Overall survival analysis
The Kaplan‒Meier plotter online platform (http://kmplot.com/analysis/), which is an online database providing patient survival analysis, was used to analyze the expression levels of hsa-miRs 378i and 378a-3p in online available PDAC patient tissue and correlation with overall survival.
Statistical analysis
In vitro experiments were performed in triplicate, and the data are expressed as the means ± SDs of at least 3 independent experiments. In vivo experiments were performed once in statistically relevant group sizes of 6 mice per group.
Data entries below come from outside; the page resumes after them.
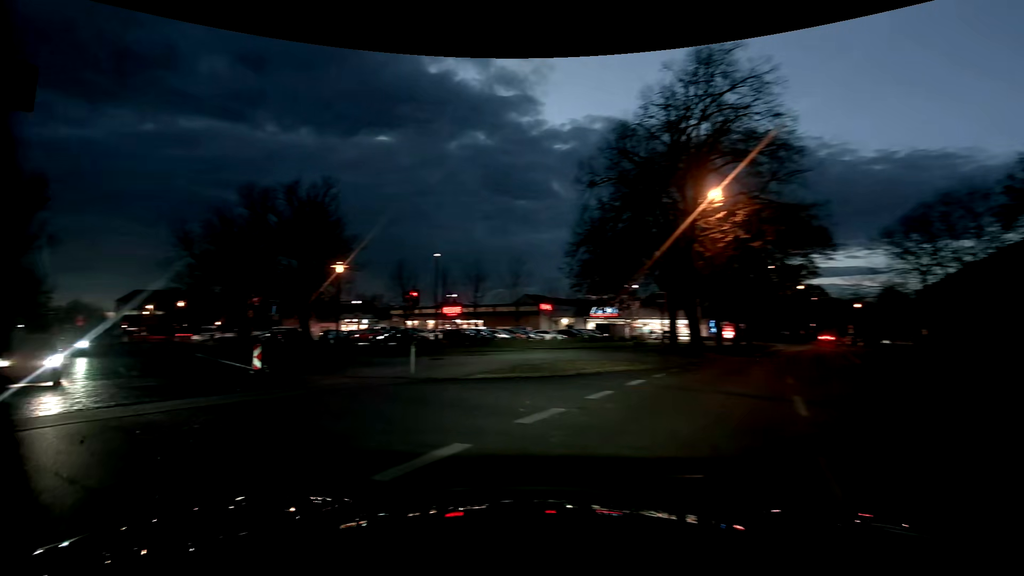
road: residential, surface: asphalt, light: Dusk
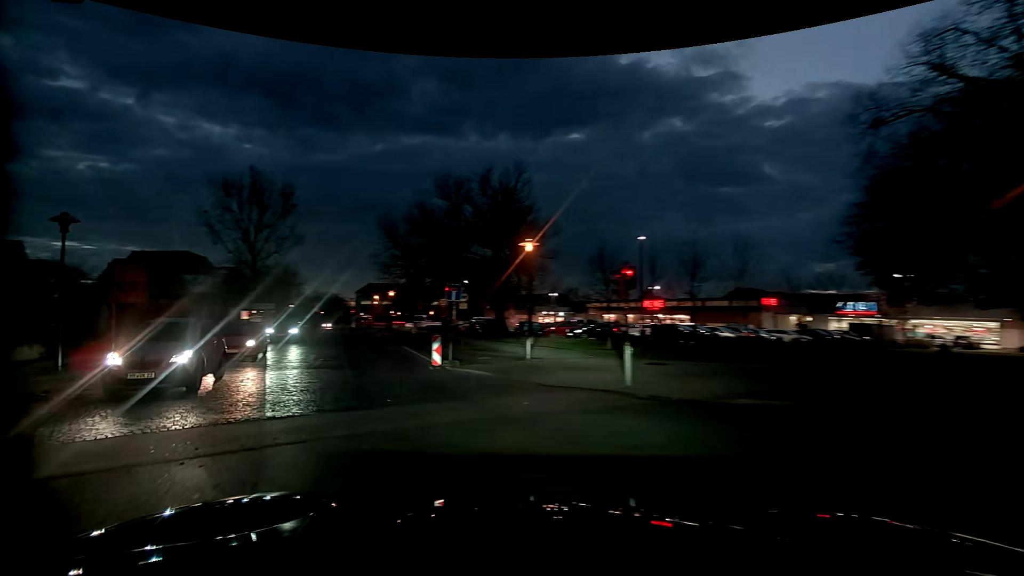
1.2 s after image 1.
(-1.2, +5.9) m; -21°
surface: sett
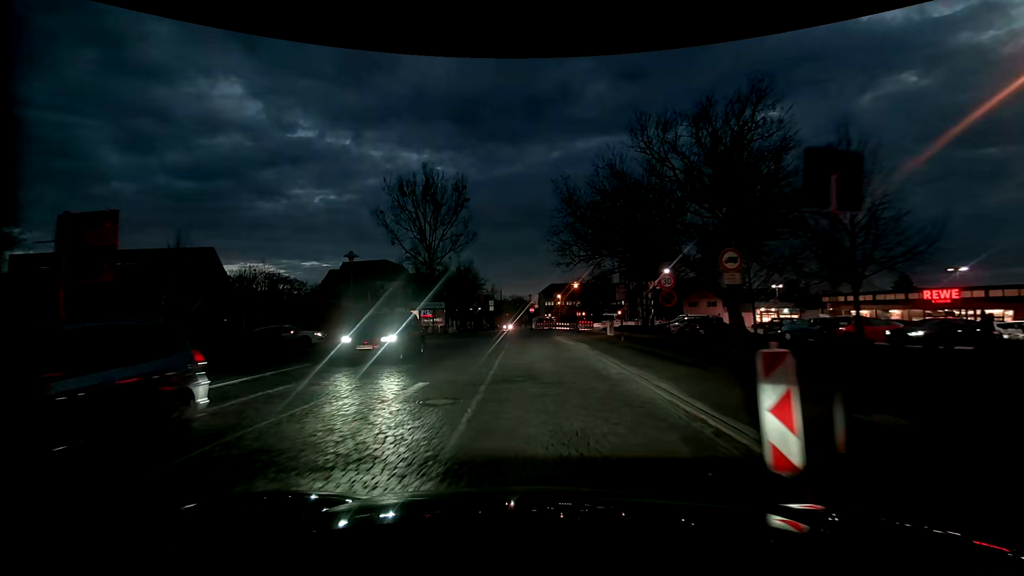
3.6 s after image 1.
(-3.4, +13.2) m; -20°
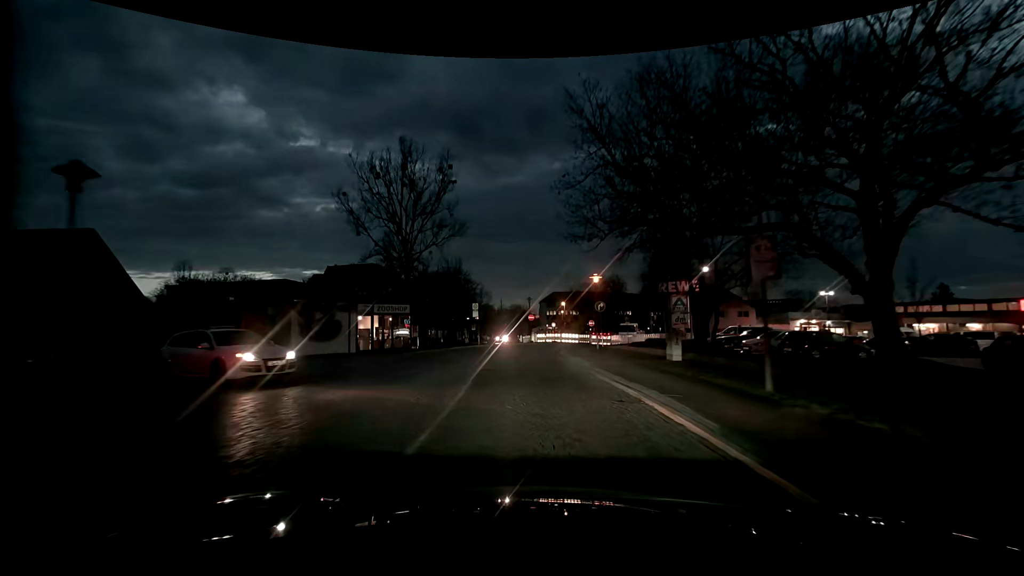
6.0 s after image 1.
(-0.1, +15.8) m; +1°
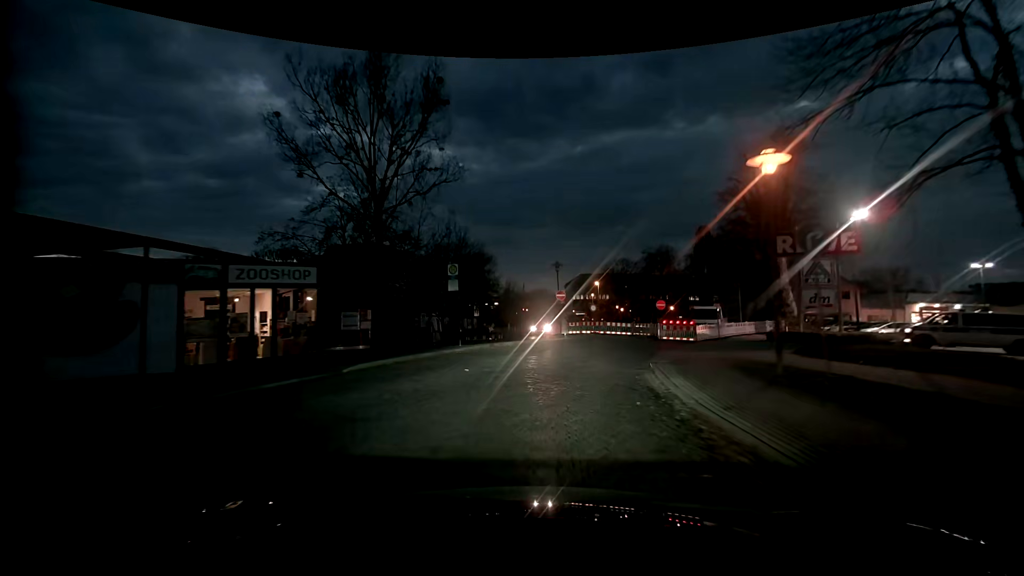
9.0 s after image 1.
(-1.0, +20.7) m; -2°
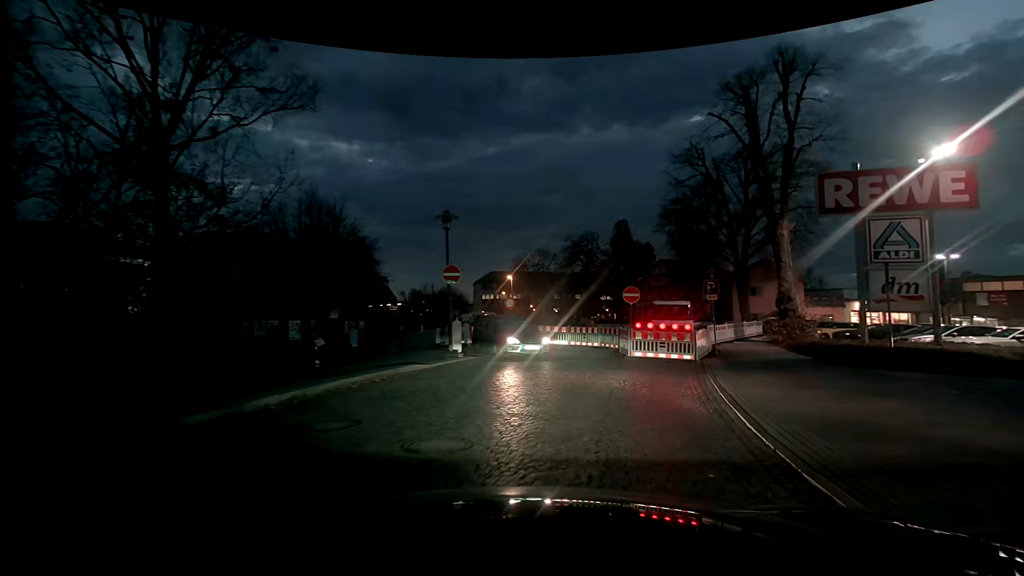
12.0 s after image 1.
(+0.5, +15.0) m; +11°
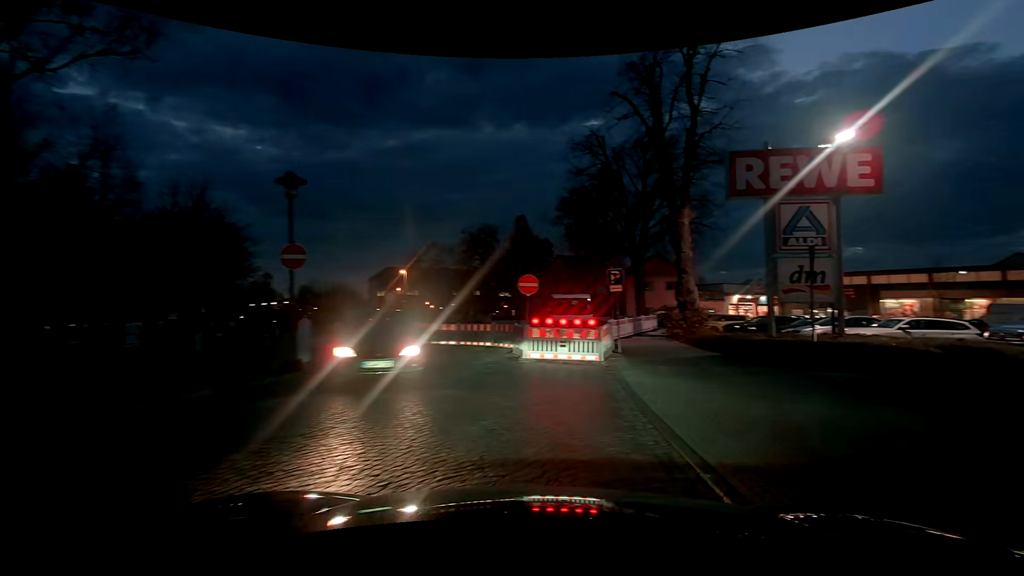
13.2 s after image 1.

The significance of the data was analyzed using Student’s t test for parametric data and the Kruskal–Wallis test and the Mann‒Whitney test with Bonferroni corrections for nonparametric data. SPSS 22.0 and JMP 14 software (Heidelberg, Germany) were used for statistical analysis, and P < 0.05 was considered statistically significant (**P < 0.01, *P < 0.05).